Committed: bac0a739a1fd2acc7c0ce466d9055942cbf87ccb (workbench) Added dummy.txt
Committed: c018ca1b4436b73237c9a727ed2353cbd8152928 (workbench) Removed dummy.txt
Committed: 18bec91206357ec23ffe53a01d20ec64f7667e4e (master) Renamed foo.txt to baz.txt
Committed: a724f0cc49f39d9e99b8794b9f263efb5bc51da1 (master) Modified line 8 of baz.txt.

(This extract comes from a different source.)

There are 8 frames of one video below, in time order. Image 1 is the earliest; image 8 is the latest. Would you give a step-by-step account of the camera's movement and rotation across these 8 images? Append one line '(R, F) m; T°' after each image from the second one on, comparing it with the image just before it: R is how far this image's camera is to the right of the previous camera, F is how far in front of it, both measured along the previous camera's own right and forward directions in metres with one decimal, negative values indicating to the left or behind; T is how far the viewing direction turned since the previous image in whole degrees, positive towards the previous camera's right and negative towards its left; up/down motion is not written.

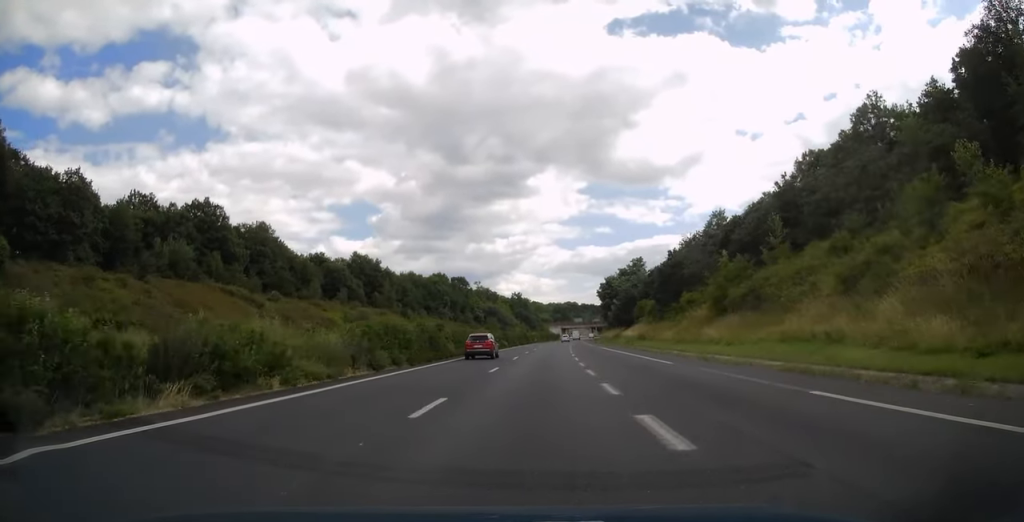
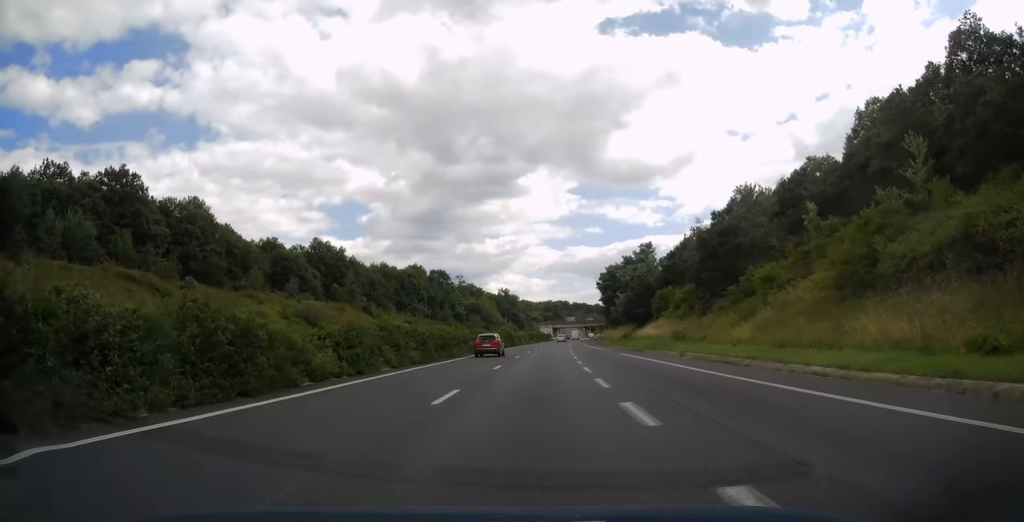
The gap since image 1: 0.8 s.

Committed: 4628679d5695c9a5fb080124b854f336fdf683d1 (master) Added dummy.txt
Committed: 58f700c48a16496dfd540126dab5e55952847993 (master) Removed dummy.txt
Committed: 633056c27cf0e3afb9529d478cf51ed0bdaa918e (master) Merged bar.txt and baz.txt as foo-merged.txt
----------------------------------------
633056c27cf0e3afb9529d478cf51ed0bdaa918e
58f700c48a16496dfd540126dab5e55952847993 c018ca1b4436b73237c9a727ed2353cbd8152928
john.doe
2021-04-10
Merged bar.txt and baz.txt as foo-merged.txt
:100644 100644 27393f0 bb5a6e5 R089 baz.txt foo-merged.txt
a724f0cc49f39d9e99b8794b9f263efb5bc51da1
18bec91206357ec23ffe53a01d20ec64f7667e4e
john.doe
2021-04-10
Modified line 8 of baz.txt.
:100644 100644 4f9956e 27393f0 M baz.txt
18bec91206357ec23ffe53a01d20ec64f7667e4e
cbc8198fd5eb975ab5fc1fcc66889872429a40fe
john.doe
2021-04-10
Renamed foo.txt to baz.txt
:100644 100644 4f9956e 4f9956e R100 foo.txt baz.txt
5628acbb478a8786eaec186bf4e6050142049848
cbc8198fd5eb975ab5fc1fcc66889872429a40fe
john.doe
2021-04-10
Renamed foo.txt to bar.txt
:100644 000000 4f9956e 0000000 D foo.txt
cbc8198fd5eb975ab5fc1fcc66889872429a40fe
john.doe
2021-04-10
Initial commit
:000000 100644 0000000 4f9956e A foo.txt
----------------------------------------
cbc8198fd5eb975ab5fc1fcc66889872429a40fe foo.txt (<john.doe@gmail.com> 2021-04-10 1) This is line 1
cbc8198fd5eb975ab5fc1fcc66889872429a40fe foo.txt (<john.doe@gmail.com> 2021-04-10 2) This is line 2
2f6d49b3aa35ffa2953a65e21ba5c21d130fa3b1 bar.txt (<john.doe@gmail.com> 2021-04-10 3) Modified bar
cbc8198fd5eb975ab5fc1fcc66889872429a40fe foo.txt (<john.doe@gmail.com> 2021-04-10 4) This is line 4
cbc8198fd5eb975ab5fc1fcc66889872429a40fe foo.txt (<john.doe@gmail.com> 2021-04-10 5) This is line 5
cbc8198fd5eb975ab5fc1fcc66889872429a40fe foo.txt (<john.doe@gmail.com> 2021-04-10 6) This is line 6
cbc8198fd5eb975ab5fc1fcc66889872429a40fe foo.txt (<john.doe@gmail.com> 2021-04-10 7) This is line 7
a724f0cc49f39d9e99b8794b9f263efb5bc51da1 baz.txt (<john.doe@gmail.com> 2021-04-10 8) Modified baz
cbc8198fd5eb975ab5fc1fcc66889872429a40fe foo.txt (<john.doe@gmail.com> 2021-04-10 9) This is line 9
cbc8198fd5eb975ab5fc1fcc66889872429a40fe foo.txt (<john.doe@gmail.com> 2021-04-10 10) This is line 10
The third line shows bar.txt
was modified in 2f6d49b3aa35ffa2953a65e21ba5c21d130fa3b1. Unfortunately, this commit does not appear in the history - I would have expected it to have appeared due to --follow
, and I also would have expected a second entry for 633056c27cf0e3afb9529d478cf51ed0bdaa918e due to -m
because it has two parents (and I would have expected that entry to have a raw line like :100644 100644 27393f0 bb5a6e5 R089 bar.txt foo-merged.txt
).
Note: If fetching this information is achievable but not in a single git log
command, a solution that uses a constant number of commands would also work. I want to avoid doing things like recursively examining annotations to derive the history, and that particular strategy would also fail if there's a commit in which every line changed, e.g., due to reformatting.